* The problem *
Images should be omitted while the rest of the data is duplicated exactly.
>>>>>
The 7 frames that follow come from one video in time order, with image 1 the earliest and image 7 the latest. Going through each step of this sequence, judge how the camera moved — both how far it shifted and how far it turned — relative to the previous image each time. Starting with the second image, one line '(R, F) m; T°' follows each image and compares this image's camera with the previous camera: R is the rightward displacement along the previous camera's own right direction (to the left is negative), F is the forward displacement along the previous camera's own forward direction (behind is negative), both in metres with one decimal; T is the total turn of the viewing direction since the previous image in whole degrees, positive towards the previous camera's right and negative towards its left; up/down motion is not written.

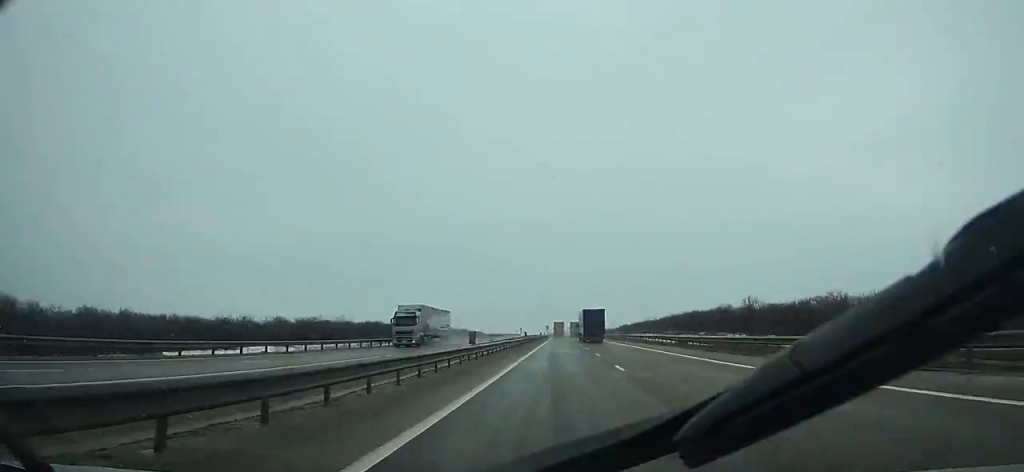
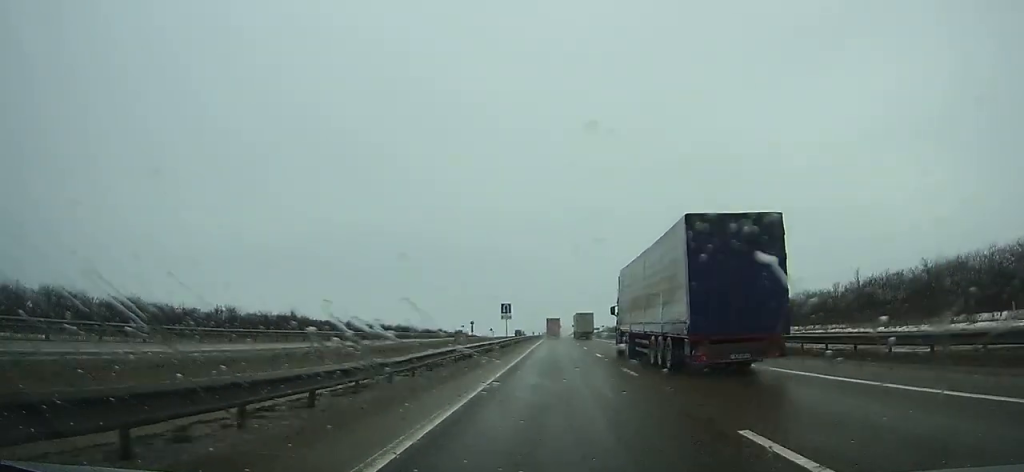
(+0.4, +145.0) m; 0°
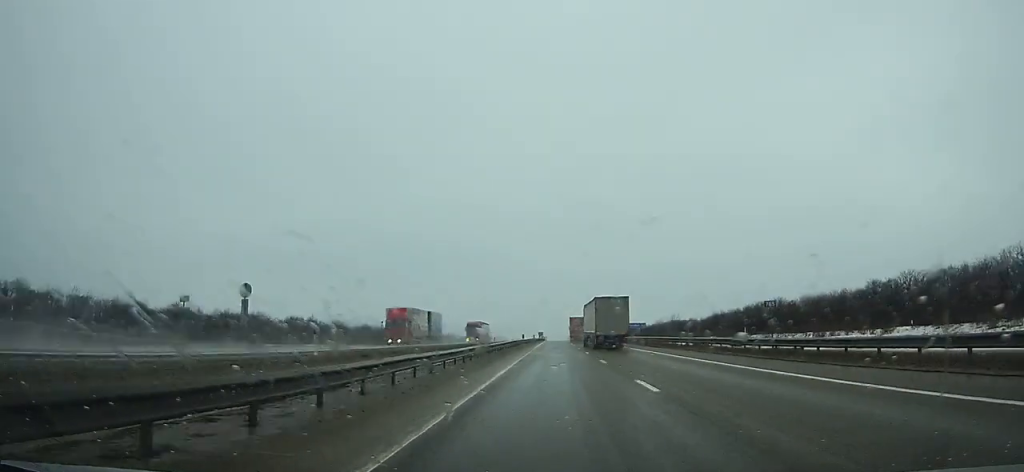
(-0.2, +99.8) m; 0°
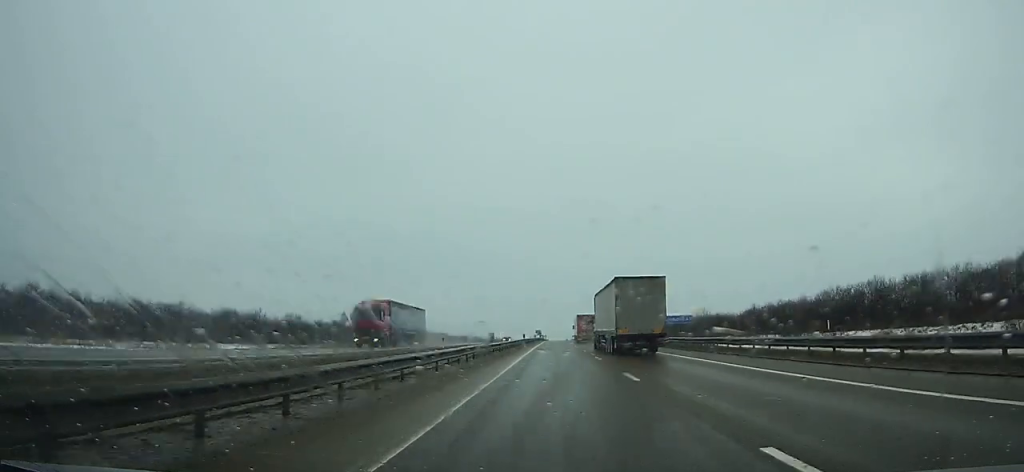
(-0.1, +32.3) m; 0°
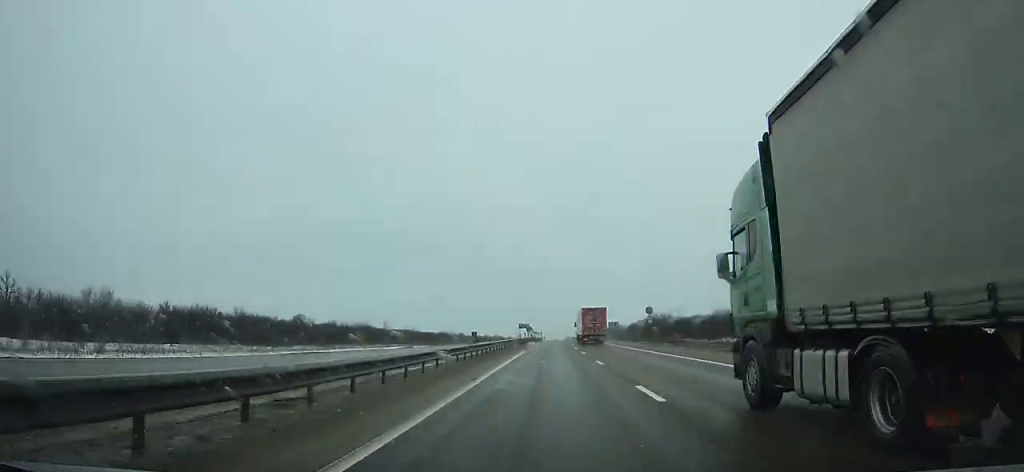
(-0.2, +77.2) m; 0°
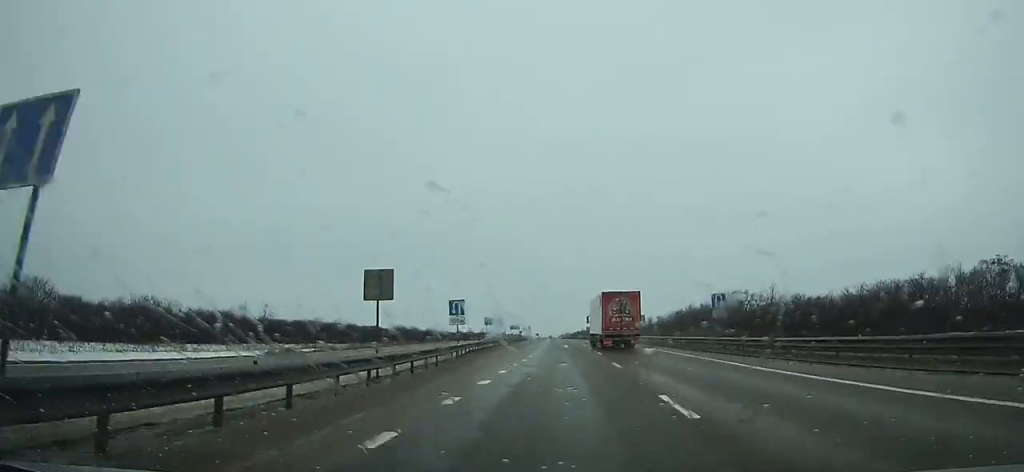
(+0.5, +98.3) m; +1°
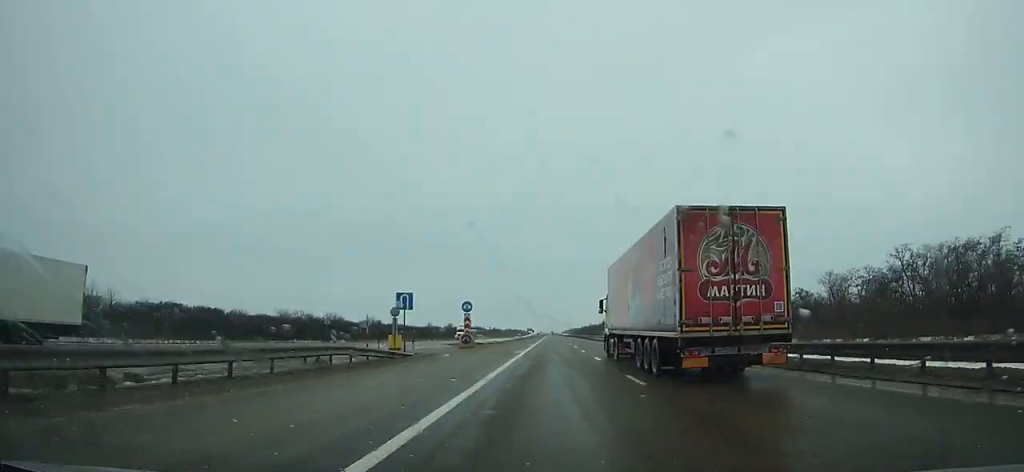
(0.0, +115.5) m; 0°
<<<<<
* Answer box *
The 7 frames that follow come from one video in time order, with image 1 the earliest and image 7 the latest. Going through each step of this sequence, judge how the camera moved — both how far it shifted and how far it turned — relative to the previous image each time. Starting with the second image, one line '(R, F) m; T°' follows each image and compares this image's camera with the previous camera: R is the rightward displacement along the previous camera's own right direction (to the left is negative), F is the forward displacement along the previous camera's own forward direction (behind is negative), both in metres with one decimal; T is the total turn of the viewing direction since the previous image in whole degrees, positive towards the previous camera's right and negative towards its left; up/down motion is not written.

(+0.4, +145.0) m; 0°
(-0.2, +99.8) m; 0°
(-0.1, +32.3) m; 0°
(-0.2, +77.2) m; 0°
(+0.5, +98.3) m; +1°
(0.0, +115.5) m; 0°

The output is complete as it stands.